Research into the construction of librarians’ professional identities indicates a strong emphasis on our work as service providers, from both within the profession and the larger environment in which we exist. When taken to its most extreme conclusion, the service ethos that informs librarianship can turn into what some some in the field informally refer to as “Handmaiden Syndrome”– the expectation that librarians be at the beck and call of faculty, students, patrons, and administrators. This is most visible in traditional, patriarchal constructions of service that rely on hierarchical power structures, such as those present in academia and other educational and cultural institutions. But Roma Harris argues that librarianship has the potential to transform the ideal of service from one that exploits those in service roles toward a more democratic and potentially empowering exchange. To do so means an acknowledgement of the high level of emotional labor on the part of the librarian, who is constantly negotiating her sense of personal worth and professional value in pursuit of “good service.” It also raises questions about what components of identity we ignore or devalue when focusing on service as a defining feature in our profession.

This book will unpack the ways in which race, ethnicity, gender, sexuality, class, and ability combine with an “ethic of service” to create, stagnate, or destruct librarians’ professional identities, sense of self, and self worth. We would like to examine the power structures, values, and contexts that influence our personal, professional, and institutional conceptions of service in libraries, as well as the costs and consequences (to ourselves and our institutions) of these very personal identity negotiations.

Possible Topics

Possible topics include but are not limited to the following:

Section 1: Situating Service in Librarianship
This introductory section will include a history of service values and behaviors in librarianship. It will examine the ways in which this value has been internalized by practitioners without a clear, agreed upon definition across the different subfields of librarianship.
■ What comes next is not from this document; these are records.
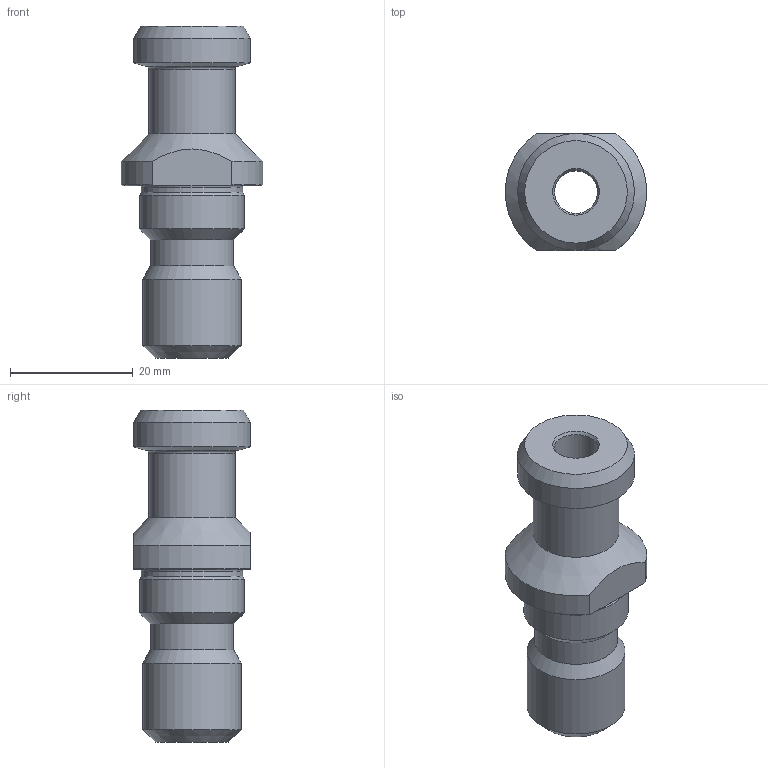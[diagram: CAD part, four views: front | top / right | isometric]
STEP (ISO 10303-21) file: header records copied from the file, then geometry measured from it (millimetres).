
FILE_DESCRIPTION(/* description */ (''),/* implementation_level */ '2;1');
FILE_NAME(/* name */ '1498472761926.stp',/* time_stamp */ '2017-06-26T12:26:05+02:00',/* author */ (''),/* organization */ ('SMS'),/* preprocessor_version */ 'ST-DEVELOPER v15',/* originating_system */ 'SIEMENS PLM Software NX 8.5',/* authorisation */ '');
FILE_SCHEMA (('AUTOMOTIVE_DESIGN { 1 0 10303 214 3 1 1 1 }'));
Length unit declared in the file: millimetre
Products named in the file (1): 201120615MOD000_00
Bounding box: 23 x 19 x 54 mm (x, y, z)
Volume: 9442.8 mm3; surface area: 4667.6 mm2
Topology: 1 solids, 1 shells, 30 faces, 68 edges, 41 vertices
Faces by surface type: cone 12, cylinder 9, plane 7, torus 2
Full cylindrical faces by diameter (mm): 7 x1, 13.5 x1, 14 x1, 16 x1, 16.5 x1, 17 x1, 19 x1
Entity records: 774 total; most frequent: CARTESIAN_POINT 144, DIRECTION 134, ORIENTED_EDGE 90, AXIS2_PLACEMENT_3D 63, EDGE_LOOP 52, EDGE_CURVE 45, FACE_BOUND 44, VERTEX_POINT 37
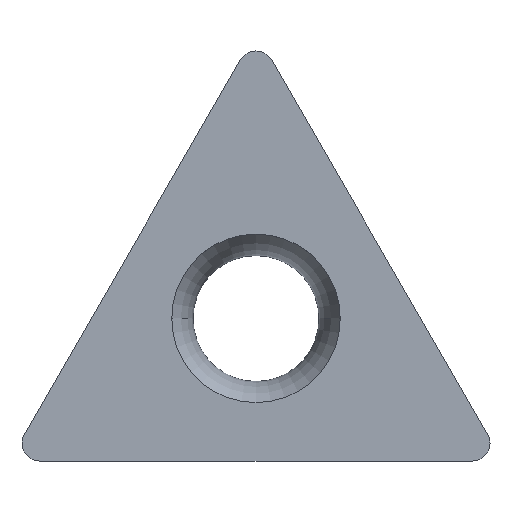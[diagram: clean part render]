
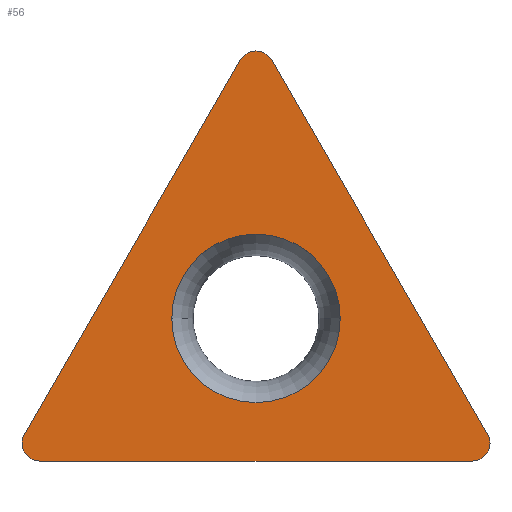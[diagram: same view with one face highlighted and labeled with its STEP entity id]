
A CAD part, top view. The second image highlights one B-rep face of the part: STEP entity #56.
In plain terms, the highlighted planar face has unit normal (0, 0, 1).
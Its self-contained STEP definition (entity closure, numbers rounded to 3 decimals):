
#56=ADVANCED_FACE('',(#75,#76),#70,.T.);
#70=PLANE('',#338);
#75=FACE_BOUND('',#79,.T.);
#76=FACE_BOUND('',#80,.T.);
#79=EDGE_LOOP('',(#95,#96,#97,#98,#99,#100));
#80=EDGE_LOOP('',(#101,#102));
#95=ORIENTED_EDGE('',*,*,#179,.F.);
#96=ORIENTED_EDGE('',*,*,#180,.F.);
#97=ORIENTED_EDGE('',*,*,#181,.F.);
#98=ORIENTED_EDGE('',*,*,#182,.F.);
#99=ORIENTED_EDGE('',*,*,#183,.F.);
#100=ORIENTED_EDGE('',*,*,#184,.F.);
#101=ORIENTED_EDGE('',*,*,#185,.F.);
#102=ORIENTED_EDGE('',*,*,#186,.F.);
#159=VERTEX_POINT('',#469);
#160=VERTEX_POINT('',#470);
#161=VERTEX_POINT('',#472);
#162=VERTEX_POINT('',#474);
#163=VERTEX_POINT('',#476);
#164=VERTEX_POINT('',#478);
#165=VERTEX_POINT('',#481);
#166=VERTEX_POINT('',#482);
#179=EDGE_CURVE('',#159,#160,#259,.T.);
#180=EDGE_CURVE('',#161,#159,#216,.T.);
#181=EDGE_CURVE('',#162,#161,#260,.T.);
#182=EDGE_CURVE('',#163,#162,#217,.T.);
#183=EDGE_CURVE('',#164,#163,#261,.T.);
#184=EDGE_CURVE('',#160,#164,#218,.T.);
#185=EDGE_CURVE('',#165,#166,#219,.T.);
#186=EDGE_CURVE('',#166,#165,#220,.T.);
#216=CIRCLE('',#333,0.4);
#217=CIRCLE('',#334,0.4);
#218=CIRCLE('',#335,0.4);
#219=CIRCLE('',#336,1.875);
#220=CIRCLE('',#337,1.875);
#259=LINE('',#468,#278);
#260=LINE('',#473,#279);
#261=LINE('',#477,#280);
#278=VECTOR('',#380,1.);
#279=VECTOR('',#383,1.);
#280=VECTOR('',#386,1.);
#333=AXIS2_PLACEMENT_3D('',#471,#381,#382);
#334=AXIS2_PLACEMENT_3D('',#475,#384,#385);
#335=AXIS2_PLACEMENT_3D('',#479,#387,#388);
#336=AXIS2_PLACEMENT_3D('',#480,#389,#390);
#337=AXIS2_PLACEMENT_3D('',#483,#391,#392);
#338=AXIS2_PLACEMENT_3D('',#484,#393,#394);
#380=DIRECTION('',(0.5,0.866,0.));
#381=DIRECTION('',(0.,0.,-1.));
#382=DIRECTION('',(0.,-1.,0.));
#383=DIRECTION('',(-1.,0.,0.));
#384=DIRECTION('',(0.,0.,-1.));
#385=DIRECTION('',(0.866,0.5,0.));
#386=DIRECTION('',(0.5,-0.866,0.));
#387=DIRECTION('',(0.,0.,-1.));
#388=DIRECTION('',(-0.866,0.5,0.));
#389=DIRECTION('',(0.,0.,1.));
#390=DIRECTION('',(1.,0.,0.));
#391=DIRECTION('',(0.,0.,1.));
#392=DIRECTION('',(-1.,0.,0.));
#393=DIRECTION('',(0.,0.,1.));
#394=DIRECTION('',(-1.,0.,0.));
#468=CARTESIAN_POINT('',(-5.153,-2.575,0.));
#469=CARTESIAN_POINT('',(-5.153,-2.575,0.));
#470=CARTESIAN_POINT('',(-0.346,5.75,0.));
#471=CARTESIAN_POINT('',(-4.806,-2.775,0.));
#472=CARTESIAN_POINT('',(-4.806,-3.175,0.));
#473=CARTESIAN_POINT('',(4.806,-3.175,0.));
#474=CARTESIAN_POINT('',(4.806,-3.175,0.));
#475=CARTESIAN_POINT('',(4.806,-2.775,0.));
#476=CARTESIAN_POINT('',(5.153,-2.575,0.));
#477=CARTESIAN_POINT('',(0.346,5.75,0.));
#478=CARTESIAN_POINT('',(0.346,5.75,0.));
#479=CARTESIAN_POINT('',(0.,5.55,0.));
#480=CARTESIAN_POINT('',(0.,0.,0.));
#481=CARTESIAN_POINT('',(1.875,0.,0.));
#482=CARTESIAN_POINT('',(-1.875,0.,0.));
#483=CARTESIAN_POINT('',(0.,0.,0.));
#484=CARTESIAN_POINT('',(0.,0.,0.));
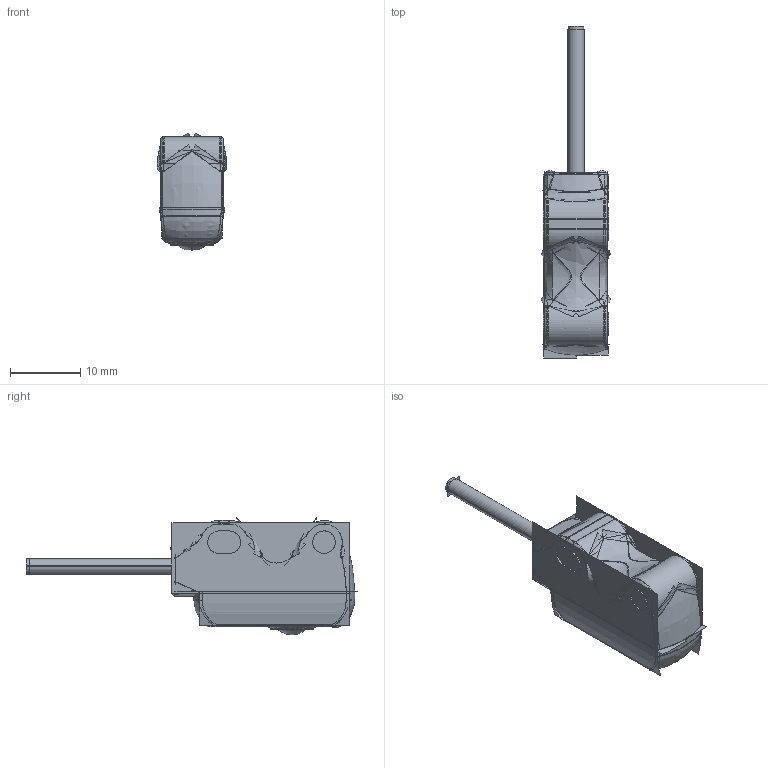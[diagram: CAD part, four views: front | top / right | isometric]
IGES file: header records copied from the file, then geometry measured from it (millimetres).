
Start section:  PTC IGES file: 149859_sm01.igs
Global section: file name: 149859_sm01.igs; native system: Creo Parametric by PTC Inc.; preprocessor: 2022414; author: banengservice; organization: Unknown; date: 20250819.133428; units: millimetre
Bounding box: 9.92 x 47.35 x 16.75 mm (x, y, z)
Volume: 2809 mm3; surface area: 7418.5 mm2
Topology: 2 solids, 2 shells, 293 faces, 1390 edges, 1709 vertices
Faces by surface type: bspline 163, revolution 130

Section 2: Intersecting Identities & Service
This section will include contributed chapters on the intersections of the ethos of service and personal identity. Questions explored may include:

• How do librarians’ personal identities influence their conception of service in libraries?
• What does service in libraries mean to you?
• In what ways do gender, sexuality, race, ethnicity, class, and/or ability influence service expectations of librarians; the ways in which service is performed/carried out; and the ways in which service is perceived by others?
• How do definitions and expectations of service shape professional identities of librarians?
• What are the consequences of not meeting service expectations? How do these consequences differ based on personal identities?
• What is the role of power in service roles and how is influenced by intersectional identity?

Section 3: Reworking the Concept of Service in Libraries
This section will attempt to redefine the concept of service in libraries through a variety of critical theoretical lenses. Contributed chapters may, for example, rework service through a feminist, critical race, or critical disability framework. We also welcome theories and perspectives from other fields. Questions explored may include:

• Do we need a new shared definition of service in libraries?
• Should we abandon the ethos of service in libraries altogether?
• If so, what other professional values should take precedence?
• How can service be redefined to promote a critical, just, and inclusive work and patron environment in libraries? Can it do this?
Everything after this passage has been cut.